Julie stayed in my apartment in NYC for a week 25 years ago. In her graphic novel, "My New York Diary," she tells of a relationship she wants to get out of with a guy in New York. In the end, she leaves his apartment while he's out, and she makes a comment that she will be staying with a friend's friend until she can find her own place. That was me! (The friend's friend.) She stayed in the unoccupied bedroom. I nominally had a roommate, but he essentially lived with his girlfriend downtown in the Lower East Side and was rarely at the apartment.

I did not know the guy in the story that Julie wants to leave, but I had met and been around him a few times, as he was part of a group of people I knew in the NYC cartoonist community.

Julie was very nice, very shy. She wouldn't enter my area of the apartment, but when I would go to the kitchen to make tea or wash dishes or make a meal, she would often come in there just to initiate conversation. It's so hard to believe that was so long ago.

Big Mike said...

This is such cheesy reporting at Newsweek

Breaking news for Althouse! Newsweek died decades ago, this is a merely magazine with the same name, but it's a shell of what it was. Think of a hermit crab wearing the shell of long-dead snail.

J. Farmer said...

@Robert Cook:

Have you seen the Terry Zwigoff documentary Crumb? I thought it was fantastic. I became a fan of Zwigoff's work afterwards and particularly liked his Ghost World with Steve Buscemi.

Robert Cook said...

J.Farmer:

Absolutely! I've been a fan of Crumb's work since the mid-70s. I have the documentary on dvd, though I saw it at the theater when it was first released. I even got Crumb's autograph on a book of his drawings at a gallery opening for a show of the drawings in the book. (Linda Lovelace of DEEP THROAT infamy showed up at that gallery show, in company with a writer who is a friend of friends of mine. He was working with her on her biography. It was published as THE COMPLETE LINDA LOVELACE, by Eric Danville.)

GHOST WORLD is a great movie, also based on a graphic novel (of the same name) by cartoonist Daniel Clowes.

George M. Spencer said...

Re: William's comment above about Time's 1940s China correspondent Theodore White.

Time's anti-communist publisher Henry Luce couldn't stomach White's dispatches highlighting corruption in Chaing kai-Shek's nationalist army, so he routinely had staff editor Whittaker Chambers rewrite his work, though it was still published under White's name.
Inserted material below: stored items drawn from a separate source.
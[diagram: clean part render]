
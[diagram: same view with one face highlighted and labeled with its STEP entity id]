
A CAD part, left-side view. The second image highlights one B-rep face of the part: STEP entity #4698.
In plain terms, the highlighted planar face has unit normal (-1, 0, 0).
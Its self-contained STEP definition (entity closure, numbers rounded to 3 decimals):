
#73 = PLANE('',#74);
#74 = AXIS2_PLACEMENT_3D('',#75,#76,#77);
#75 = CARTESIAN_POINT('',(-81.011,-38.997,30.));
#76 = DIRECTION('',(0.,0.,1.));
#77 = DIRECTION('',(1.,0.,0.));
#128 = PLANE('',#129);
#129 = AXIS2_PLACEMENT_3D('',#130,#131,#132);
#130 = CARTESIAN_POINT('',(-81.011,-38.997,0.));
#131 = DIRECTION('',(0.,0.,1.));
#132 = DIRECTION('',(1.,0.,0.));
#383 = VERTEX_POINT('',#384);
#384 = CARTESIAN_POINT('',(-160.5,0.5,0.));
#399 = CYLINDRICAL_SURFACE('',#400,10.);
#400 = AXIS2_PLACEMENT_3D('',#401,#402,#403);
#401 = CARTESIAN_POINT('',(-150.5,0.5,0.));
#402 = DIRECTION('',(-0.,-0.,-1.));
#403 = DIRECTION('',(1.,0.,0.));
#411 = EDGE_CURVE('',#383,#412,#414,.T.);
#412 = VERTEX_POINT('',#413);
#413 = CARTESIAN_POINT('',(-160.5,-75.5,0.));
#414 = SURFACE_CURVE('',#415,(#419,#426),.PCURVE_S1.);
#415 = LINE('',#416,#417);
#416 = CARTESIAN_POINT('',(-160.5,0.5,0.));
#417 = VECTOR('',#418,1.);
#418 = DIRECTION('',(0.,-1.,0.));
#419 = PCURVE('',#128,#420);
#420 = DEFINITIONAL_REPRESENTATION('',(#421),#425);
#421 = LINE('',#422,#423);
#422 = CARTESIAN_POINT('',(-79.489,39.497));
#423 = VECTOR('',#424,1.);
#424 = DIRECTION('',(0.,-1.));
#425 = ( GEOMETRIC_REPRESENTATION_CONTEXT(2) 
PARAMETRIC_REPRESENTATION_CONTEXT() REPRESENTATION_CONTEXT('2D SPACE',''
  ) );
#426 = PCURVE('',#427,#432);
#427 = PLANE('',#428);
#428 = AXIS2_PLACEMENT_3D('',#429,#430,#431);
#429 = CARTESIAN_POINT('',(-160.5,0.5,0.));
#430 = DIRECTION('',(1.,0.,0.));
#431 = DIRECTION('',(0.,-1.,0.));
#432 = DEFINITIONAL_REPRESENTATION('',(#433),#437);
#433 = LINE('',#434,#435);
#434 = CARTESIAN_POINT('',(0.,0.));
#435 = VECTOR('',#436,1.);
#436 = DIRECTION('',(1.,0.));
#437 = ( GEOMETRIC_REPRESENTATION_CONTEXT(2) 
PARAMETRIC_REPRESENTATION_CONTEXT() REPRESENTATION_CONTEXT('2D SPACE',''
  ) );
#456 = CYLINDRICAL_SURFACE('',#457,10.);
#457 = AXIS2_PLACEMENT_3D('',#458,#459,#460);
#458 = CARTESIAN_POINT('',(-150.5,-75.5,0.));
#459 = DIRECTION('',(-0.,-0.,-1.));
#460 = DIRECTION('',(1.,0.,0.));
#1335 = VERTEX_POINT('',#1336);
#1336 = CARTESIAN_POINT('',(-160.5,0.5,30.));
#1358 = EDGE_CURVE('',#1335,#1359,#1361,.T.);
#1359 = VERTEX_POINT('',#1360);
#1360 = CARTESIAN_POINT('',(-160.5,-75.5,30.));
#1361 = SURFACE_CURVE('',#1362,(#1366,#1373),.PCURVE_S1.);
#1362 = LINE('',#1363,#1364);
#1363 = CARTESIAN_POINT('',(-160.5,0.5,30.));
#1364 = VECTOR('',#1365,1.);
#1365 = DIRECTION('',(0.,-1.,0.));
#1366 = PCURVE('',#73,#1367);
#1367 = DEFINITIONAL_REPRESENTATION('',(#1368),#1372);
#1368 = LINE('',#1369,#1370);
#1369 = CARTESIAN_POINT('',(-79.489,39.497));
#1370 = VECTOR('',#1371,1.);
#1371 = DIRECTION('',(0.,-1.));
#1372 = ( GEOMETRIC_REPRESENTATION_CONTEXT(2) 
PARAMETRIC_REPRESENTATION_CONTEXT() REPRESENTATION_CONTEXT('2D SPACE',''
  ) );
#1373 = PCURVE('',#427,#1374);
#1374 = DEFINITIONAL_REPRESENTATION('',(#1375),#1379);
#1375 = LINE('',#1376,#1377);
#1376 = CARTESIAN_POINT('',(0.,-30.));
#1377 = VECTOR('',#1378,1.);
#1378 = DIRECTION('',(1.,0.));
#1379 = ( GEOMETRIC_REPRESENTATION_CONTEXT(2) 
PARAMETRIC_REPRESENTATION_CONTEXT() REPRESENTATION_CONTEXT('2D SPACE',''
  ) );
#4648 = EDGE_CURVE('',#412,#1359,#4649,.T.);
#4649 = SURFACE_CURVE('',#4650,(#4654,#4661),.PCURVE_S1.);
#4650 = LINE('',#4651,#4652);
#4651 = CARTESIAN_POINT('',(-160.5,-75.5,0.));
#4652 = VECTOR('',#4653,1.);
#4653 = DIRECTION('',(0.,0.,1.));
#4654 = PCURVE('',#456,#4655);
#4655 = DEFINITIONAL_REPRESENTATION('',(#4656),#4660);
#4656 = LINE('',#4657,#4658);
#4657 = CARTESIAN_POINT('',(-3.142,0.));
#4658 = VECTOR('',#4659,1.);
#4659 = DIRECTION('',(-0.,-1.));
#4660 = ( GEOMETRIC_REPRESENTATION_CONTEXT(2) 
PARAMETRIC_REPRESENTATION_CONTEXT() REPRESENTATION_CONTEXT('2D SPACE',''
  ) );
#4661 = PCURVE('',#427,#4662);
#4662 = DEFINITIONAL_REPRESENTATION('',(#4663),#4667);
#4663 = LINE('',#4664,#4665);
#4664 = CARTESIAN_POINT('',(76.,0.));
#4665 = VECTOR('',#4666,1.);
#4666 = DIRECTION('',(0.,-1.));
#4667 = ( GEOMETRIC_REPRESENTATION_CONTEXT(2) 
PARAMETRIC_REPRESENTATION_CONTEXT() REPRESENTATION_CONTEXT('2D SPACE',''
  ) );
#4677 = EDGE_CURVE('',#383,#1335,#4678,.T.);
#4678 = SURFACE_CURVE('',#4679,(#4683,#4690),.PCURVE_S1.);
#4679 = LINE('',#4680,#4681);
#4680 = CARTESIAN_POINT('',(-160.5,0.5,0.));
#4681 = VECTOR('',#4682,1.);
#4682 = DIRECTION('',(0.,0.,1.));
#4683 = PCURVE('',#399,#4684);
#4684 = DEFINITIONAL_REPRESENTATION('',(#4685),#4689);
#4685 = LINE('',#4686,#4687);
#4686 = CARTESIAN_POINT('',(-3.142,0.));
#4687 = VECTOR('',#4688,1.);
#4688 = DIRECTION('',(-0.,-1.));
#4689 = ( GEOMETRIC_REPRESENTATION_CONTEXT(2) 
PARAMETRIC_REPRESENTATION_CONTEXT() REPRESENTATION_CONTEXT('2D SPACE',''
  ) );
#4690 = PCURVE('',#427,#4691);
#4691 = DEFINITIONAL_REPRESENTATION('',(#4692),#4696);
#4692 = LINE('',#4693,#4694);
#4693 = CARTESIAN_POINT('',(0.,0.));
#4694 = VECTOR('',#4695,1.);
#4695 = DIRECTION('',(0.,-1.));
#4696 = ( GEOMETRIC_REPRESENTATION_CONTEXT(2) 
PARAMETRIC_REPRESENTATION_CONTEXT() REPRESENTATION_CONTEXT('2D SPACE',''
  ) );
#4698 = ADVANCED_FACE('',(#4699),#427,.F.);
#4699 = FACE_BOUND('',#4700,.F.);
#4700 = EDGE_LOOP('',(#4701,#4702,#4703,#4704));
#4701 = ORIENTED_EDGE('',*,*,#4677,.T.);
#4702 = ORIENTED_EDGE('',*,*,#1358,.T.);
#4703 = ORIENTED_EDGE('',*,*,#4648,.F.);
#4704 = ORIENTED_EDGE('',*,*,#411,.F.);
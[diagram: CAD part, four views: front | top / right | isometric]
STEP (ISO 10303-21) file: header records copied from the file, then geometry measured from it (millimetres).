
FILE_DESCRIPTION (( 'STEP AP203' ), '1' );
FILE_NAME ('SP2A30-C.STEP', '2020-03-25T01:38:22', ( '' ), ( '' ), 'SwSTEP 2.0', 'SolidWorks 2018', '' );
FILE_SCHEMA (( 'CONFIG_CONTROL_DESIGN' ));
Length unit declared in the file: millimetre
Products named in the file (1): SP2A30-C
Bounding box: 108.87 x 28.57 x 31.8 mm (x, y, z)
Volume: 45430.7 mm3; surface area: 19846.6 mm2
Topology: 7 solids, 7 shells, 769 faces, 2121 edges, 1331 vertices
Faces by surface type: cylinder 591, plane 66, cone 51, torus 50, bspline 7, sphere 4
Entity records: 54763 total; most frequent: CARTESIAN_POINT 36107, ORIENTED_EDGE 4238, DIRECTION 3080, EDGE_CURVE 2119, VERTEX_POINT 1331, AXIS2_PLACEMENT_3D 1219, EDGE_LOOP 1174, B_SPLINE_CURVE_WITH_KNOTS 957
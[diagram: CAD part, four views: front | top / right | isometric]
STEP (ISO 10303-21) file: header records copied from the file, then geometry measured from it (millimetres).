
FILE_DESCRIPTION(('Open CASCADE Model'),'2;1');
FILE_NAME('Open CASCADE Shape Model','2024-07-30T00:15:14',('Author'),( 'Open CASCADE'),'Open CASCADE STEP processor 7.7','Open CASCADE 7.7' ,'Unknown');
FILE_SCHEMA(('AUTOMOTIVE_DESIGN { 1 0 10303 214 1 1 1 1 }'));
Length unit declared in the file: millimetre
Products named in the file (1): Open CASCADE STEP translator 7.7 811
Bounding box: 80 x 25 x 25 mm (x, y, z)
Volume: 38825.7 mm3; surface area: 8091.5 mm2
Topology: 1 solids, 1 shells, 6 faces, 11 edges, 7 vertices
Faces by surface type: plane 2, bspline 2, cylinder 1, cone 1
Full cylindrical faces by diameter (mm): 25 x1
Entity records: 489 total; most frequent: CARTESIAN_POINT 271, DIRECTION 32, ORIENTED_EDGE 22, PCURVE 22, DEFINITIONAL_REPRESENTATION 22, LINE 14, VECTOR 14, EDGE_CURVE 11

Time was notorious for decades because its in-house editors routinely rewrote dispatches from its staff reporters to conform with Time's world view.

buwaya said...

China's highest grossing movies -

https://www.weforum.org/agenda/2017/02/china-five-highest-grossing-movies/

Mr. Groovington said...

The Chinese have a word for white liberal trash: baizuo.

Ann Althouse said...

@Robert Cook

Thanks for the Julie Doucet story.

I have lots of her books. Love the drawing style.

Robert Cook said...

You’re welcome. It happened during Thanksgiving. Our mutual friend brought her to my apartment the evening before Thanksgiving. The next day we went to the friend’s apartment in Brooklyn, where we had Thanksgiving dinner with the friend and her husband. Then we went back to the city and met up with my friend who lived in the Lower East Side with his girlfriend. The streets were covered in snow and I remember it being late, with few people out in the streets. We went and had some beers with my friend then went back to my place uptown. She stayed just over a week, as I said. She found an apartment share in a loft in Brooklyn. She was nice, and shy, as I said, but very self-assured in herself and her opinions. Not someone who would let herself be pushed around. At least, that was my perception.

I like her comics and drawings very much, too.